You can see the log maps, organized based on the modules that they belong to, at:

supervisor@rtbrick:/usr/share/rtbrick/liblog/logs$ ls
bds  bgp  fib  fwdinfra  ifm  lldpv2  pd  policy  pubsub  resmon  rib  snapshot  static  time_series

In the preceding example, you can see the modules that have registered with the log maps.

If you want to know more about a particular log map, you can perform a grep of the log map in this directory.

Log Groups

A log group is a collection of log maps or log IDs. Groups have been introduced to simplify the log configuration tasks. For example, to debug a BGP peer issue, instead of enabling logs for individual log IDs that are related to BGP peer, you can enable log for a log group BGP peer.

Log Modules

Every BDS application consists of multiple modules. Logging can be configured for each BDS modules separately.

The following are RBFS modules:


Plugin Alias

Any logs in RBFS can be exported to an external logging destination. Currently, CtrlD supports GELF and syslog as external plugins.

CtrlD is the egress node for all the GELF (Graylog Extended Log Format) messages. The brick daemons which are configured to send GELF messages to CtrlD and CtrlD forwards them to the configured endpoints such as syslog or GELF endpoint. This is because CtrlD enhances the GELF message with switch-global settings (for example, the serial number of the switch).

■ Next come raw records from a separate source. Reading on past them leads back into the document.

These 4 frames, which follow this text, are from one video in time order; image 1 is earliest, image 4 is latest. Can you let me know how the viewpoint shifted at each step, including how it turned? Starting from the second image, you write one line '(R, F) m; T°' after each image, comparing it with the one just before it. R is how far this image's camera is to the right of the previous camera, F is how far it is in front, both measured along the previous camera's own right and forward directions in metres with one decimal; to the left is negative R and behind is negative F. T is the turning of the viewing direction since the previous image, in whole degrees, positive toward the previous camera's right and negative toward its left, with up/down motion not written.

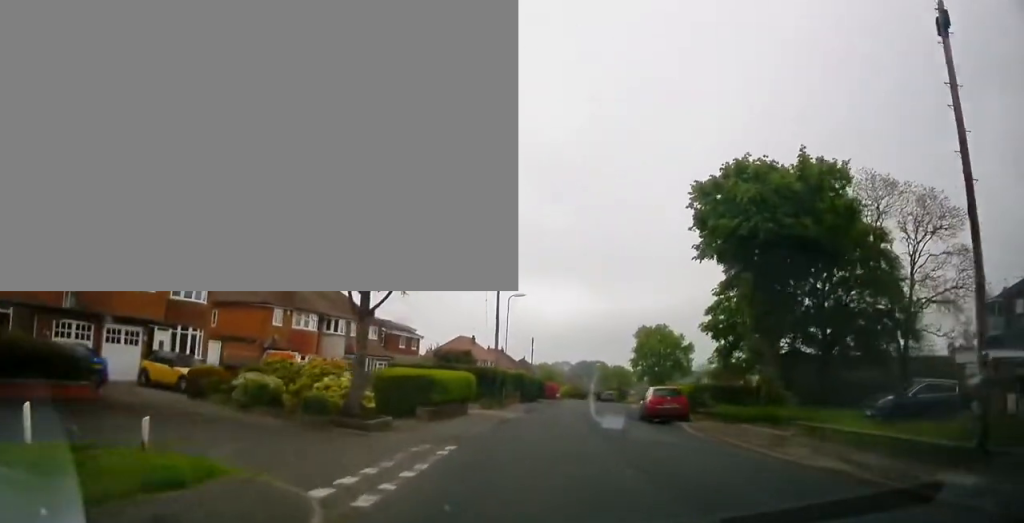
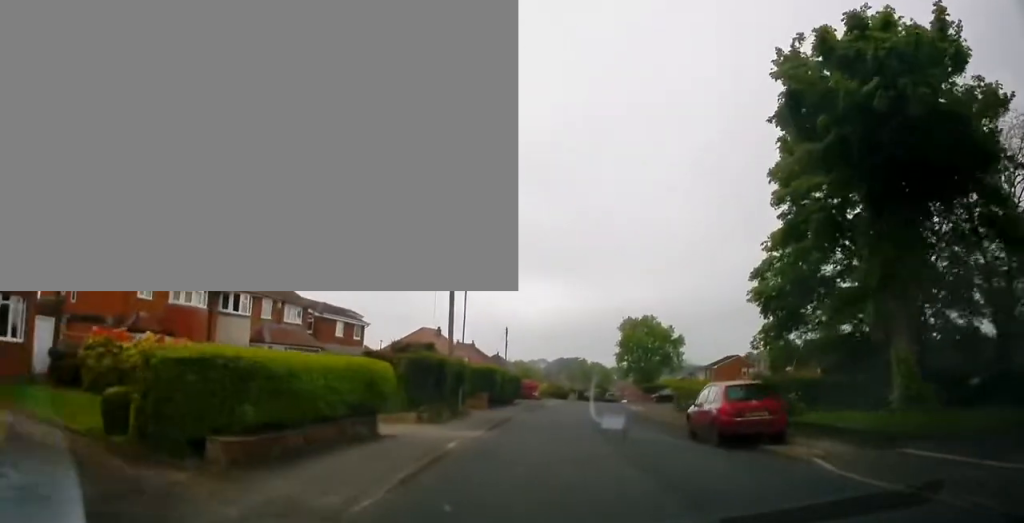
(-0.4, +11.4) m; -2°
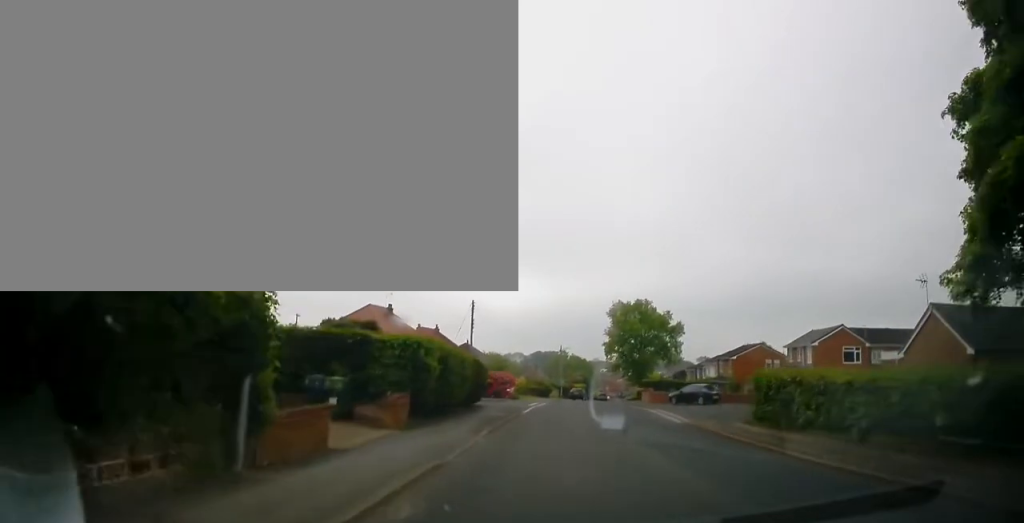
(+1.2, +15.6) m; +7°
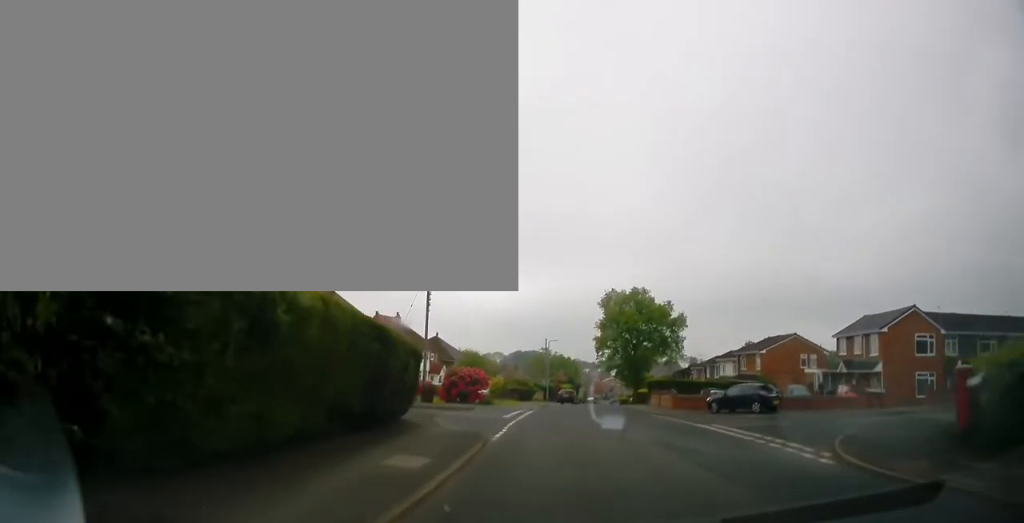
(-0.1, +13.8) m; +1°

Guidelines and Limitations for BDS Logging

  • By default, BDS logging is enabled and the log level is set to 'Error'.

  • By default, logging for BDS and PUBSUB modules have been disabled. As these two modules are infrastructure specific, these logs may not be useful for end-users. However, developers can enable logging for these modules using debug commands.

  • You can configure log levels per BD, per module, or per group.

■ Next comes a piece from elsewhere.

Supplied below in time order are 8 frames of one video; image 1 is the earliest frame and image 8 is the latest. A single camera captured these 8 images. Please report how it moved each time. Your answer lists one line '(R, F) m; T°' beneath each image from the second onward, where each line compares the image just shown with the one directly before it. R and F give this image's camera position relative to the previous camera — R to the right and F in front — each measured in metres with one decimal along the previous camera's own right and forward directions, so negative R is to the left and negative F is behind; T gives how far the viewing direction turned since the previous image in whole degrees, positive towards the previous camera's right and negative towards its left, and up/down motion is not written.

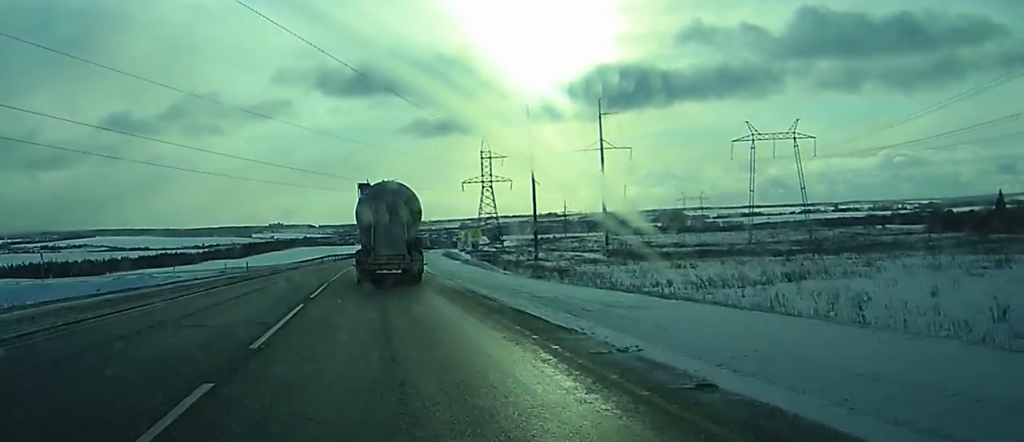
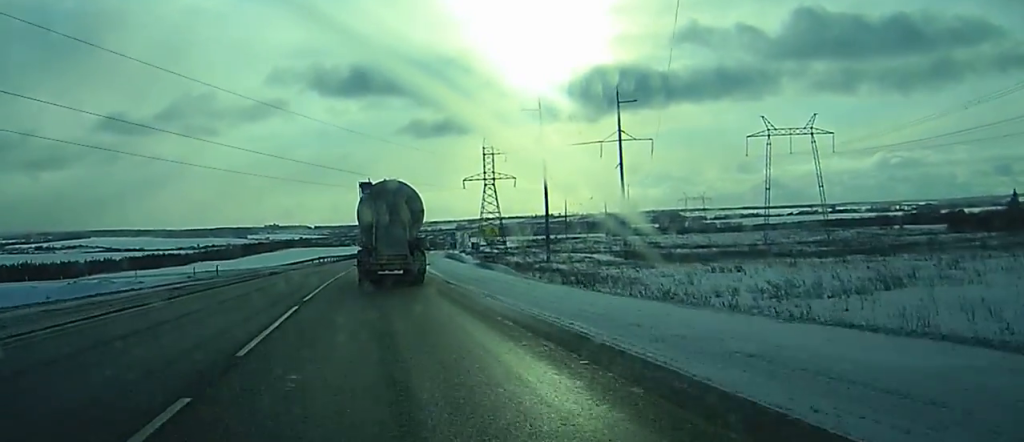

  • Do not keep logging enabled for longer duration in a scaled setup.

  • The following log levels are present in the system. Any level above the level Warning indicates that you should perform logging with caution as a scaled environment may cause a system instability.

    • Emergency

    • Alert

    • Critical

    • Error

    • Warning

    • Notice

    • Info

    • Debug

    • None

If your system becomes unstable, you can remove the logging configuration using the delete log command in configuration mode.
  • All log levels lower than the log level specified are logged. For example, if the specified log level is "Warning", then all logs that come before "Warning" (Emergency, Alert, Critical, Error, Warning) are logged.

  • When you set the log-level to "None", that means log has been disables for the specific module, group, or global.

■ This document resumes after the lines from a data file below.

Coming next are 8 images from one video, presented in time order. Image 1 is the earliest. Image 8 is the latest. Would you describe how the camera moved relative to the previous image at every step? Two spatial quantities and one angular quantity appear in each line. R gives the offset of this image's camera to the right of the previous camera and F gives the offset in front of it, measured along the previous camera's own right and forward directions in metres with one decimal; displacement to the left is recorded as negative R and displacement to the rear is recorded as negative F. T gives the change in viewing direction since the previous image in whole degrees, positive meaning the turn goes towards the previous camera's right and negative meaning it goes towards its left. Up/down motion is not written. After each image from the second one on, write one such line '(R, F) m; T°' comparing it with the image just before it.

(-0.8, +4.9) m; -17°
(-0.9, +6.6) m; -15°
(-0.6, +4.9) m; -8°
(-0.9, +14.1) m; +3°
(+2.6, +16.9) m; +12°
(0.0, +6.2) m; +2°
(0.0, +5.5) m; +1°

Syslog is generated by an API based logging mechanism provided by Linux. Some of the open source libraries present in RBFS use Syslog as a logging mechanism.

Host operating system and RBFS Linux container use syslog for logging. Syslog can also be exported to Graylog.

Syslog messages can also be exported to CtrlD and these messages are forwarded to the defined log management servers. Currently, RBFS supports exporting syslog from the Linux and ONL system facilities such as auth, authpriv, daemon, and kern to Graylog

For information about Syslog configuration, see section [syslog_config].

TSDB (Prometheus) Alert Messages

Prometheus is the systems and service monitoring application, which can be deployed in RBFS, to collect and process metrics. In RBFS, alert messages generated from Prometheus are forwarded to CtrlD and these messages, from CtrlD, can be exported to the configured log management servers.

Logging in ONL

In RBFS, there are daemons, which are not part of RBFS container, but run on the ONL host. RBFS provides logging for these daemons. The following are the daemons which reside on the ONL host:


CtrlD and ApiGwD Logs

CtrlD logging provide log messages of events related to business, elements, ZTP, and security. ApiGwD logs contain details about who accessed the API and how they accessed it. hostconfd provides rest APIs to interact with container and ONL linux services.

ApiGwD`and `CtrlD send different log messages about status changes or progress of processes to the configured GELF endpoint.

Supported Platforms

Not all features are necessarily supported on each hardware platform. Refer to the Platform Guide for the features and the sub-features that are or are not supported by each platform.